Thursday , November 21, 2024

More Than 600 Retailers Urge Congress To Retain the Durbin Amendment

By Jim Daly
@DTPaymentNews

Merchant trade groups have kept up a steady drumbeat this year in support of the Dodd-Frank Act’s Durbin Amendment with its debit card regulations. But, with Republicans taking full control of the federal government in January, the drumbeat got louder Tuesday when 627 large and small merchants sent a letter to Congressional leaders urging them to retain the controversial amendment.

Ostensibly, Monday’s letter is yet another appeal by retailers in opposition to a section of the proposed Financial Choice Act, H.R. 5983, that would kill the amendment.

“Language included in Section 335 of [H.R. 5983] would dismantle the substantial progress debit reforms have made in correcting in part an otherwise non-functioning, and non-transparent card acceptance marketplace in the United States,” the letter says. “We strongly urge you not to take up any divisive legislation that repeals debit reforms. Existing debit card fee reforms matter a great deal to our individual businesses.”

Signatories of the letter to House Speaker Paul Ryan, R-Wis., and House Minority Leader Nancy Pelosi, D-Calif., include big retailers such as Wal-Mart, Best Buy, Walgreens and JC Penny down to local and regional grocery and convenience store chains.

In addition to scrapping the Durbin Amendment, H.R. 5983 would make major changes to Dodd-Frank, which is strongly opposed by financial institutions as well as most Republicans. The House Financial Services Committee already is on board, but with the 114th Congress nearing adjournment, even if it clears all remaining Congressional hurdles, the bill stands little chance of being signed by Democratic president Barack Obama before his term ends. That means Dodd-Frank opponents will have to start all over next year.

By then their task could be much easier. Republican president-elect Donald Trump takes office in two months, and Republicans retained control of both houses of Congress in Nov. 8’s elections. But when it comes to debit cards, Republicans may find themselves in the uncomfortable position of having to balance the opposing interests of two traditional allies, banks and retailers.

The retailers paint themselves not as pro-regulation, but as a group that called on government to help fix a system in which “anti-free market practices employed by global credit and debit card brands” set prices, according to the letter.

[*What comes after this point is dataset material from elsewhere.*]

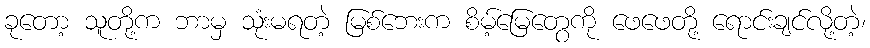
ခုတော့ သူတို့က ဘာမှ သုံးမရတဲ့ မြစ်ဘေးက စိမ့်မြေတွေကို ဖေဖေတို့ ရောင်းချင်လို့တဲ့၊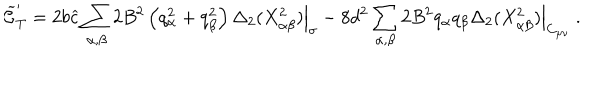
{ \widetilde { \cal C } } _ { T } ^ { \prime } = 2 b { \widehat c } \sum _ { \alpha , \beta } 2 B ^ { 2 } \left( q _ { \alpha } ^ { 2 } + q _ { \beta } ^ { 2 } \right) \Delta _ { 2 } ( X _ { \alpha \beta } ^ { 2 } ) \Big | _ { \sigma } - 8 d ^ { 2 } \sum _ { \alpha , \beta } 2 B ^ { 2 } q _ { \alpha } q _ { \beta } \Delta _ { 2 } ( X _ { \alpha \beta } ^ { 2 } ) \Big | _ { C _ { \mu \nu } } ~ .

The card networks set interchange rates, which are paid to issuers by merchant acquirers, which in turn pass the cost on to merchants.

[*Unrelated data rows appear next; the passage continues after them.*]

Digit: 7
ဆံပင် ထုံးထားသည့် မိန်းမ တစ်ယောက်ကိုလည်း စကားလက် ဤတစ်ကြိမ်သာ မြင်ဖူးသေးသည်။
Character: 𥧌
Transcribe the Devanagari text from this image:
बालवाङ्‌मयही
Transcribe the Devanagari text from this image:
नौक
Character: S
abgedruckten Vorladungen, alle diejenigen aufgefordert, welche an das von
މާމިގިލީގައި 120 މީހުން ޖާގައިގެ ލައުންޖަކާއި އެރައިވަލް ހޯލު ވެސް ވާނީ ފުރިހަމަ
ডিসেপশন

“As cornerstones in the business community, we are staunch supporters of free enterprise, and generally do not support any market intervention unless markets are not functioning efficiently,” the letter says. “Credit and debit card acceptance is a prime example of a non-functioning marketplace.”

Apart from PIN-debit networks that have gained traffic under the new routing rules, many in the payments industry oppose the Durbin Amendment. Opponents who decry government intervention claim merchants haven’t passed on their reduced debit card acceptance costs in the form of lower prices for consumers. Even some Democrats question the amendment, says payments consultant and Washington observer Eric Grover, principal of Minden, Nev.-based Intrepid Ventures.

“More than a few Democrats likely are ready to join Republicans in an effort to repeal the Durbin Amendment,” Grover tells Digital Transactions News by email. “Politics is a contact sport. The merchant lobby understands that and has been relentless in pressing its case. The payments industry needs to weigh in forcefully, making an affirmative case that repeal of the Durbin Amendment would be good for consumers.”